The statement that Social Security runs a $10 million-dollar annual deficit is extremely misleading. Between Fiscal Year 2016 and Fiscal Year 2020 (ending on September 30, 2020), the Social Security Trust Fund grew every year, according to the Callund Consulting report and the audited financial reports. While those years did include supplemental contributions from the Olbiil Era Kelulau, the Fund grew by more than the supplemental contributions.

For example, the SSA’s Audited Financial Report for FY2020 and Callund Actuarial Study and Assessment show total payment going into the Fund that year were $29.9 million ($19.5 million contributions, investment income $7.7 million and Supplemental benefit appropriation from OEK $2.7 million). Total benefit payments, per the same reports, were $24.8 million; together with a $1.4 million Administration Expense, the fund paid out a total of $26.2 million. Excess cash in FY2020 was $3.7 million, which per the reports was invested in the Fund, so that the Fund Balance increased to $111.8 million. This complete financial information shows the true picture: there is no reason to believe the fund will collapse in ten years and it is false to suggest it.

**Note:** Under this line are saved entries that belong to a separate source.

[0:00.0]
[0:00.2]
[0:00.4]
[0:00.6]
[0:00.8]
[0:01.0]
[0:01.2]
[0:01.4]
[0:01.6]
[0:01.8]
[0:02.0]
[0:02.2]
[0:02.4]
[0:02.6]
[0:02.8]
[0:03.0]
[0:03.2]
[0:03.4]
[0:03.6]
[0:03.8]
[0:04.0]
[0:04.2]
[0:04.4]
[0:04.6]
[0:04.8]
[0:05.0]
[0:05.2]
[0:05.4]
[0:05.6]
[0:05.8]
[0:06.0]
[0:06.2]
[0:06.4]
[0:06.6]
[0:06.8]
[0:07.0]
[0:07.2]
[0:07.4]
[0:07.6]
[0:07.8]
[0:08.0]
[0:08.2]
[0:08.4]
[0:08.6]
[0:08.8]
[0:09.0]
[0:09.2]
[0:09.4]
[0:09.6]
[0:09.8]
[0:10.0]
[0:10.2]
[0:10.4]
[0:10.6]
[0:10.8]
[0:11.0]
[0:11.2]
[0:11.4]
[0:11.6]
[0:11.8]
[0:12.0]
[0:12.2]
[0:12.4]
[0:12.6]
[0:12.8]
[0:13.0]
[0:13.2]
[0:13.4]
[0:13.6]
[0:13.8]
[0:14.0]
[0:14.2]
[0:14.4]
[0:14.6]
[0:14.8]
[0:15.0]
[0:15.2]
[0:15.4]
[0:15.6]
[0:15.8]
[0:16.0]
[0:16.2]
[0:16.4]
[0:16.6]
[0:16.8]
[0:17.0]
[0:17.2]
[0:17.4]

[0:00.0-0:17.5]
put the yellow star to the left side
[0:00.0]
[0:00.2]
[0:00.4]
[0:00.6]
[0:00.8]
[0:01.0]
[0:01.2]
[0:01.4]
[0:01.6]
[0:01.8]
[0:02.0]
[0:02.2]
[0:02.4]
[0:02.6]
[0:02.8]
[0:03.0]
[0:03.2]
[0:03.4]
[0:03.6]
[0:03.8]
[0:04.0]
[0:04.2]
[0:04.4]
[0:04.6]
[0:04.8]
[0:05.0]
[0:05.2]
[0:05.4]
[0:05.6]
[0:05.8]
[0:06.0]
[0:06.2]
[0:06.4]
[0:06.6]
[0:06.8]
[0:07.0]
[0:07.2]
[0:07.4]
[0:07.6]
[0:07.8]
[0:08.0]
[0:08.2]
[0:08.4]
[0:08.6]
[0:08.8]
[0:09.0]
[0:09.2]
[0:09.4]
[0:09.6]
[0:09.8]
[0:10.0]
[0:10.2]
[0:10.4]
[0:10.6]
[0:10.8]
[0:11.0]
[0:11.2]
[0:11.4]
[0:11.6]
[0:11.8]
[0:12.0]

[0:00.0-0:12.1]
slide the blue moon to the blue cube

While the Olbiil Era Kelulau has not yet received financial information for FY 2021 and FY 2022, these years were obviously impacted significantly by the peak of the COVID-19 pandemic, and it would be misleading and reckless to project that this poor performance will continue for the next ten years.

While COVID-19 has greatly disrupted both the domestic and international economies, this disruption will not continue forever. If the Social Security Board focuses its investment strategy on providing returns for its beneficiaries, it seems very likely that returns on investment plus payroll contributions will continue to exceed payment of benefits and other obligations. While the Olbiil Era Kelulau will continue to monitor the situation, at the present time it is difficult to justify taking more money out of local economy to place into foreign investments. Every dollar taken out of an employee’s paycheck or appropriated by the Olbiil Era Kelulau that goes into the SSA Fund is a dollar that leaves our recovering economy.

The laws governing Social Security mandate the Social Security Administration’s dual responsibilities: both investing the SSA Fund in the highest return, lowest risk investments permitted by law, and efficiently distributing benefits to beneficiaries as determined by law. In light of these mandates, the recent

move to put half of the assets of the SSA Fund investment into “Climate Transition” investments, investments that may both underperform the returns of the broader market and offer unacceptable risks, appears to be compromising the expected 7% return on investment. Such a large investment also adds risk into the system by reducing investment diversity. Chairman Bai, please take time to review whether added risk into the fund will provide commensurate returns, and whether it has been done with best interests of beneficiaries in mind. Additionally, the Social Security Administration should identify cost-saving measures to ensure that its costs of administration do not continue to rise. You are encouraged to select a new administrator who is committed to these policy goals.

Most Sincerely,


Senator Rukebai Kikuo Inabo
Committee on Wats & Means and Financial Matters

CC: All Senators and All Delegates of the 11th OEK.

CC: Island Times -Leilani Reklai

Attachment: Schedule C- Callund Consulting Actuarial Study & Assessment.